Async vaults, perps, and prediction markets — where one appreciating share stops being enough

Part 1 made a clean claim: option vaults, lending markets, and perp LP pools are all the same chassis — deposit an asset, get one fungible share, let a strategy grow totalAssets so the share appreciates. That model is powerful because it's narrow. This follow-up is about the three places the narrowness shows: when settlement can't be synchronous (ERC-7540), when the position isn't a share at all (perps), and when a single appreciating token simply can't express the payoff (ERC-1155 conditional tokens, the standard behind Polymarket).


0. Recap in one paragraph

Part 1's whole trick was pricePerShare = totalAssets / totalSupply. Yield is anything that grows totalAssets while share supply stays flat: a DOV's option premium, a lending market's interest, a perp LP's funding. One standard, three engines, three risk shapes. But baked into that model are two silent assumptions — (a) you can always redeem your share right now for its current value, and (b) the entire position collapses to one fungible token whose price only goes up (or down) along a single axis. Each section below breaks one of those assumptions.
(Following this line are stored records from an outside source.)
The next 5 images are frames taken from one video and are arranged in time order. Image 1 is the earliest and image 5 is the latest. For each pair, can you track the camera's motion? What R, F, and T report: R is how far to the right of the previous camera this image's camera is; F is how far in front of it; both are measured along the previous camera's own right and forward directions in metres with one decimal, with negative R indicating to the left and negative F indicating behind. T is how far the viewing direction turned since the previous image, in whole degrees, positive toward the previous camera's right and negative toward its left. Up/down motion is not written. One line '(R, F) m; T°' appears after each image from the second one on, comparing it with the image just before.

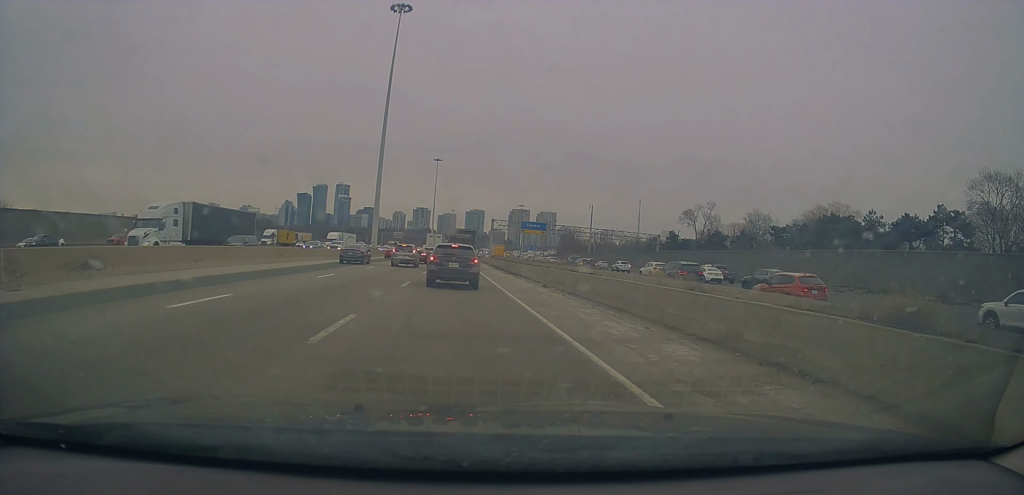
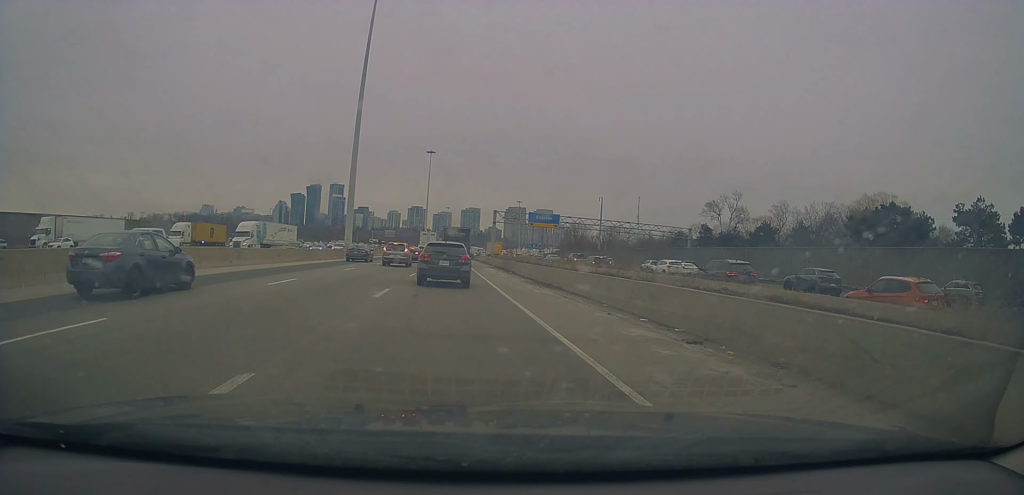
(-0.3, +18.8) m; -1°
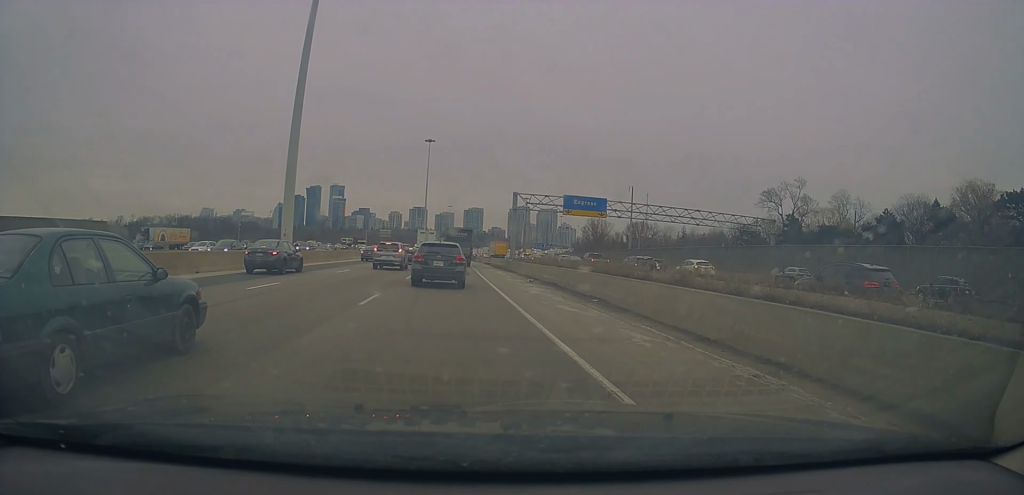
(-0.4, +27.6) m; -1°
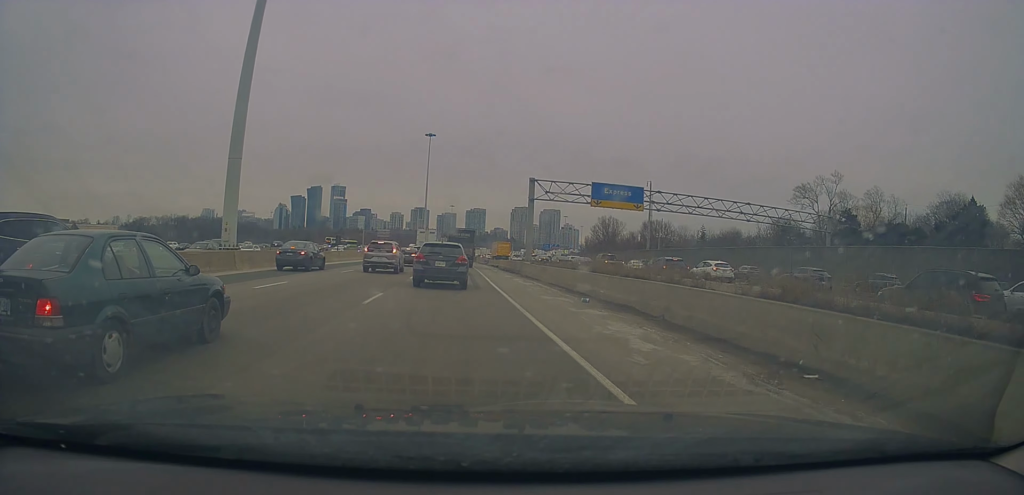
(+0.3, +12.2) m; 0°
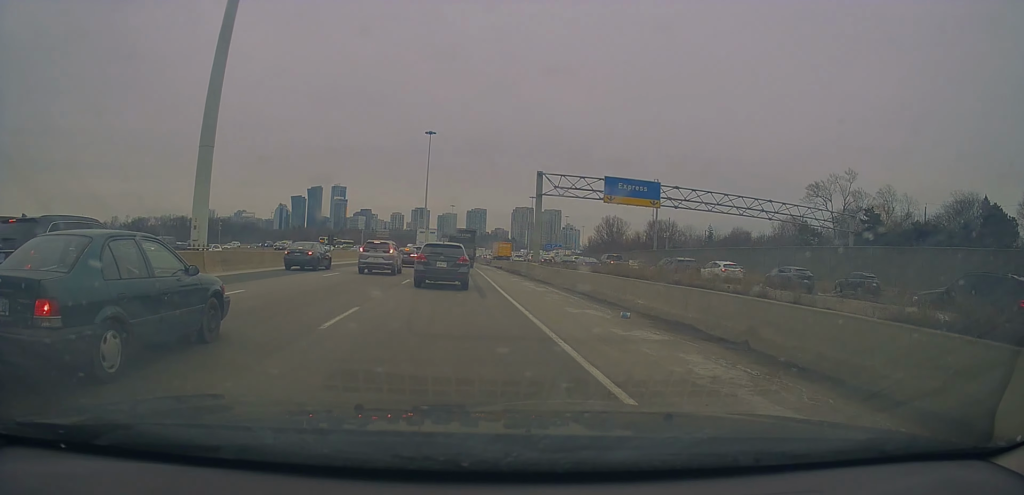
(-0.1, +4.2) m; -1°

Map of where the single-share model breaks


1. Crack #1 — settlement isn't always synchronous → ERC-7540

Part 1 name-dropped ERC-7540 in the DOV section and moved on. It deserves a proper look, because it's the standard that fixes the single most common ERC-4626 mismatch.

Vanilla ERC-4626 assumes withdraw() / redeem() settle atomically — the assets are sitting in the contract, ready to hand back this block. That's true for a lending wrapper (Aave liquidity is usually on demand). It is false for anything whose capital is temporarily unreachable:

  • a DOV with collateral locked inside a live option until expiry,
  • an RWA vault whose underlying is a T-bill that settles T+1 off-chain,
  • a cross-chain vault waiting on a bridge message.

For all of these, redeem() can't return funds synchronously — so the naive fix (revert until the epoch ends) makes the share illiquid and breaks every integrator that assumes 4626 semantics.

What ERC-7540 adds

ERC-7540 is a superset of ERC-4626 that turns deposit and redeem into two-step, asynchronous flows. Nothing about the accounting changes — pricePerShare still rules — only the timing of when you can act.

Phase ERC-4626 ERC-7540
Enter deposit() — mints shares now requestDeposit() → (pending) → later deposit()/mint() claims the shares
Exit redeem() — returns assets now requestRedeem() → (pending) → later redeem()/withdraw() claims the assets
State you can query pendingRedeemRequest() and claimableRedeemRequest() per controller

The lifecycle is pending → claimable → claimed. You submit a request (your shares are escrowed), the vault fulfils it when its strategy can free the capital (epoch settles, bridge confirms, T-bill matures), and only then does your request become claimable.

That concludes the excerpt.